How to Get a Second Mortgage Loan in India?

Mortgage loan in India is expected to reach a market capitalisation of Rs.46.1 lakh crore by 2024. This growth reveals an increasing need for hassle-free and affordable funding, which a mortgage loan can fulfil easily. Due to this convenience, several borrowers can opt for not just one but two mortgages on any given property to avail additional financing.

You may be aware of the intricacies involved with the first mortgage advance such as a loan against property. Still, you should be aware that you can collateralise the same property a second time for additional credit.

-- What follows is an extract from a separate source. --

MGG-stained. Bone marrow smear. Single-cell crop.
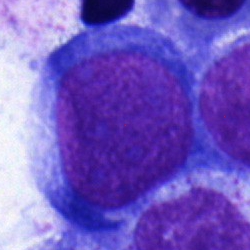

Specimen: bone marrow smear.
Cell type: proerythroblast.
Lineage: erythroid.

What is a second mortgage?

An individual availing a loan against property on his/her residential or commercial property can avail an additional loan by leveraging this property as collateral. For instance, consider that you are currently servicing a mortgage loan of Rs.25 lakh with a particular lender. A couple of years down the line, in case a need for additional funds arises, you can apply for a second mortgage advance on the already mortgaged property.

Depending on your repayment history and credit score, the lending institution in question may approve such requests. An important thing to note here is that the second mortgage loan is generally availed from the same financial institution as your first one.

Nevertheless, in rare cases, a homeowner can avail financing from a different lender for this additional credit as well, using a paripassu agreement.

What is a paripassu agreement?

‘Paripassu’ is a Latin term meaning ‘on equal footing’. In terms of a property loan, such an agreement is signed between two HFCs offering loans on the same mortgaged property. It can occur when the first lender only provides a small percentage of the property’s market value as credit. For instance, if the property is worth Rs.80 lakh but your lender extends a credit of Rs.35 lakh only.

In such a case, a property owner can leverage the remaining Rs.45 lakh worth and use it to acquire additional funding from another financial institution. Both lenders must have equal right to the collateral in these instances, which is why a paripassu agreement is formed between them.

Still, one needs to qualify for a second mortgage loan by meeting all of its eligibility criteria. The second financier will consider your existing loan cycle, repayment history, and additional creditworthiness before approving or disapproving such a request. To avoid facing rejections, an applicant must check the mortgage loan eligibility requirements beforehand.

Availing a top-up loan on loan against property

Borrowers can avoid a second mortgage loan application by seeking a top-up loan on their existing dues. A top-up credit refers to a loan, whose proceeds are above and beyond the outstanding mortgage advance principal. For instance, reputed lenders provide top-up loans of up to Rs.50 lakh to eligible loan against property borrowers.

Moreover, such lenders also provide pre-approved offers to streamline and speed up the loan application process. These offers are available on a range of financial products, including home loans, loans against property, and more. You can check your pre-approved offer by submitting your contact information and full name.

In some cases, borrowers may need to undertake a loan balance transfer to acquire a high-value top-up loan. However, keep in mind while transferring an outstanding loan that the new lender should offer a competitive mortgage interest rate. Otherwise, repayment can become burdensome.

Benefits of a top-up loan

If you are still not sure about top-up loans, consider their following advantages that help amplify the advantages of a mortgage loan –

    Does not impact your credit score

CIBIL score for an individual availing a top-up loan remains unchanged because such forms of credit are not treated as additional financing. Thus, the borrower does not come off as credit hungry.

    Minimal documentation necessary

To avail a second mortgage advance, you would need to complete the documentation process all over again. Fortunately, in case of a top-up loan, borrowers do not need to undertake this process for the second time. The lender uses the documents provided during a loan against property application to sanction such additional credit requests.

    No end-use restrictions

Borrowers are free to utilise such top-up loan proceeds in any way they wish. For example, one can use a top-up loan on loan against property to start a business. Individuals can also utilise the proceeds to fund other big-ticket expenses.

Still, if you decide to avail a second mortgage advance, ensure you keep an eye on mortgage loan interest rates. These can determine how much EMIs you would need to bear for the rest of your repayment tenure.